## TASK OBJECTIVE
What lines below contain the string "larger"? List them all.

(Stored data entries)
__________
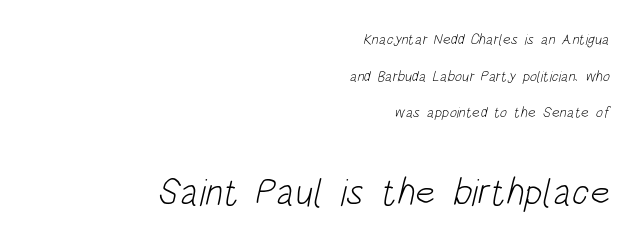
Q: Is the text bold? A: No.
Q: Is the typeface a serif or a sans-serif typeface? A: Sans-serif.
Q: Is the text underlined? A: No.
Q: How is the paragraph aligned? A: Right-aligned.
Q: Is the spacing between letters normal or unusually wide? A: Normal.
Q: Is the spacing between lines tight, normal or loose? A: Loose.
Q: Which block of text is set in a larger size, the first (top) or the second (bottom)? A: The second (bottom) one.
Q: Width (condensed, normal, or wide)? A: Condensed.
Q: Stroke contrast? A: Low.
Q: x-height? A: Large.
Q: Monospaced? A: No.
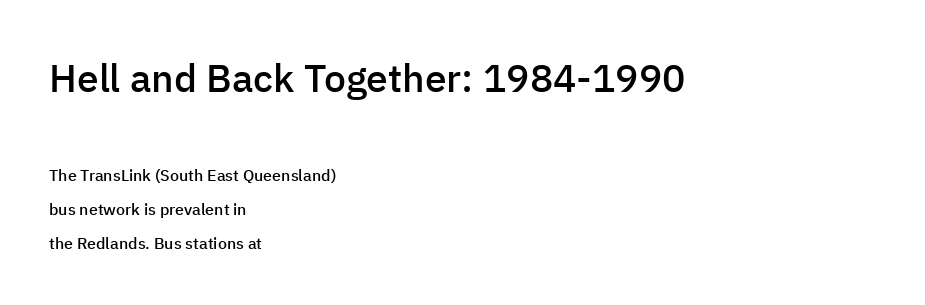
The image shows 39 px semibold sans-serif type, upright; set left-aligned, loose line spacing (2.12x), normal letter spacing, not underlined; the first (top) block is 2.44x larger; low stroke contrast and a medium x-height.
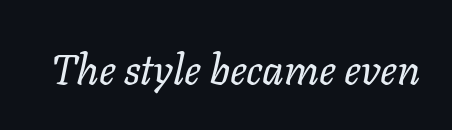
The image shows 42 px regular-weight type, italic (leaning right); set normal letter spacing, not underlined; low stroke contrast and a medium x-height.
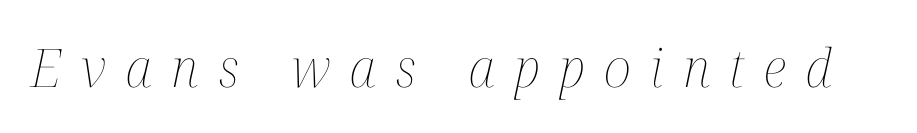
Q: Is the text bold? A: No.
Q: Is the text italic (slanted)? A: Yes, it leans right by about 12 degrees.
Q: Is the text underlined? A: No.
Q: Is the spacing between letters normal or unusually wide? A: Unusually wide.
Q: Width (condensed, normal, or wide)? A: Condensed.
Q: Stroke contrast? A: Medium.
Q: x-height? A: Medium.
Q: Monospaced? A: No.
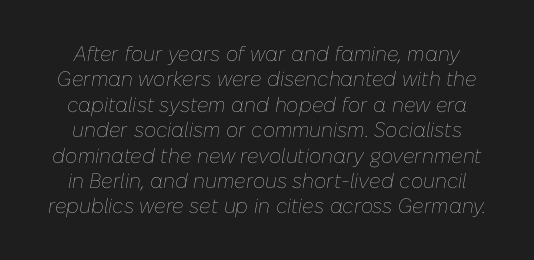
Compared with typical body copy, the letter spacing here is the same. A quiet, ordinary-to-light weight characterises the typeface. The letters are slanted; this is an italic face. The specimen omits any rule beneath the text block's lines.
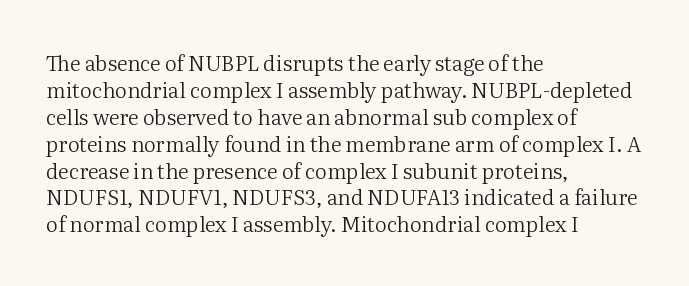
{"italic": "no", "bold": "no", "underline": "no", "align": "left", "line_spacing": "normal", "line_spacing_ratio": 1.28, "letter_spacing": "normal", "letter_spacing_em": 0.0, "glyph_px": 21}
__________
## EXERCISE SOLUTION
Q: Which block of text is set in a larger size, the first (top) or the second (bottom)? A: The second (bottom) one.
The image shows 39 px semibold sans-serif type, upright; set left-aligned, loose line spacing (2.12x), normal letter spacing, not underlined; the first (top) block is 2.44x larger; low stroke contrast and a medium x-height.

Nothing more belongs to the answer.